AVAILABLE DATA →
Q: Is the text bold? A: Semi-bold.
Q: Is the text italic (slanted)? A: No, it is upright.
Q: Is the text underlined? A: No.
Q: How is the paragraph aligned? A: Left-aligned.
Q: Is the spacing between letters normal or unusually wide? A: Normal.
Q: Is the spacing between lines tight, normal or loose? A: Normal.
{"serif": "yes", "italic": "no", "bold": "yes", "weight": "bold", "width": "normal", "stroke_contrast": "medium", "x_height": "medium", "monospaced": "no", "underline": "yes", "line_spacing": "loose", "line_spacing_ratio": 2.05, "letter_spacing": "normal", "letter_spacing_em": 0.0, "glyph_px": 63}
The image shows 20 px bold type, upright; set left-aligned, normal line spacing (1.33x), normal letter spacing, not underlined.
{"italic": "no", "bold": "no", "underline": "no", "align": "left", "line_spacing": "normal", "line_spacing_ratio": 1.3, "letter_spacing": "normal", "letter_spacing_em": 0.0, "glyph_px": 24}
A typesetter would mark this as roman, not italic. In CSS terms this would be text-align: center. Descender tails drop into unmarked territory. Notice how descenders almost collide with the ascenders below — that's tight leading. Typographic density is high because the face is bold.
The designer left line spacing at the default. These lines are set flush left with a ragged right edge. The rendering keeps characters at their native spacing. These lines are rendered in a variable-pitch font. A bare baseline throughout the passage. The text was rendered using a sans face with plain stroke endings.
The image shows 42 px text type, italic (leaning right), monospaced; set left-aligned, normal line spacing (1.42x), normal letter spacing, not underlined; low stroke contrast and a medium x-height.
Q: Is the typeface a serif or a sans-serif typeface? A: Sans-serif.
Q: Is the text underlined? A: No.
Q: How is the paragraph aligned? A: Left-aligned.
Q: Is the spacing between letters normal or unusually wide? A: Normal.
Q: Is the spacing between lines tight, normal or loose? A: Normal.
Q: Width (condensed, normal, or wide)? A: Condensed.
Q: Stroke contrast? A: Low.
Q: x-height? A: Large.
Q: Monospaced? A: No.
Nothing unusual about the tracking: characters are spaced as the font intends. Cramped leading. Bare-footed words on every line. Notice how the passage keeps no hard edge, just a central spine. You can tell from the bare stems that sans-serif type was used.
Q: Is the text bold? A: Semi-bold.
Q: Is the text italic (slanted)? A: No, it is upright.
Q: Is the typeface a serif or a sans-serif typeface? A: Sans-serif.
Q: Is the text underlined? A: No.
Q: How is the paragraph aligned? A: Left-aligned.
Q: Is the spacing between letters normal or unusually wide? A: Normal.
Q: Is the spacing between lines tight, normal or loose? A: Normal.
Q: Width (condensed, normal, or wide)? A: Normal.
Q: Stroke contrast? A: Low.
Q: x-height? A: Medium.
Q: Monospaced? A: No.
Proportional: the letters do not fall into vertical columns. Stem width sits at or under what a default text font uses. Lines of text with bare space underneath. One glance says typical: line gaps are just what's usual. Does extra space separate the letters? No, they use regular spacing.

EXERCISE → Search the entries for the word "condensed". Copy each line where it appears.

SOLUTION TO THIS EXERCISE →
Q: Width (condensed, normal, or wide)? A: Condensed.
Q: Width (condensed, normal, or wide)? A: Normal.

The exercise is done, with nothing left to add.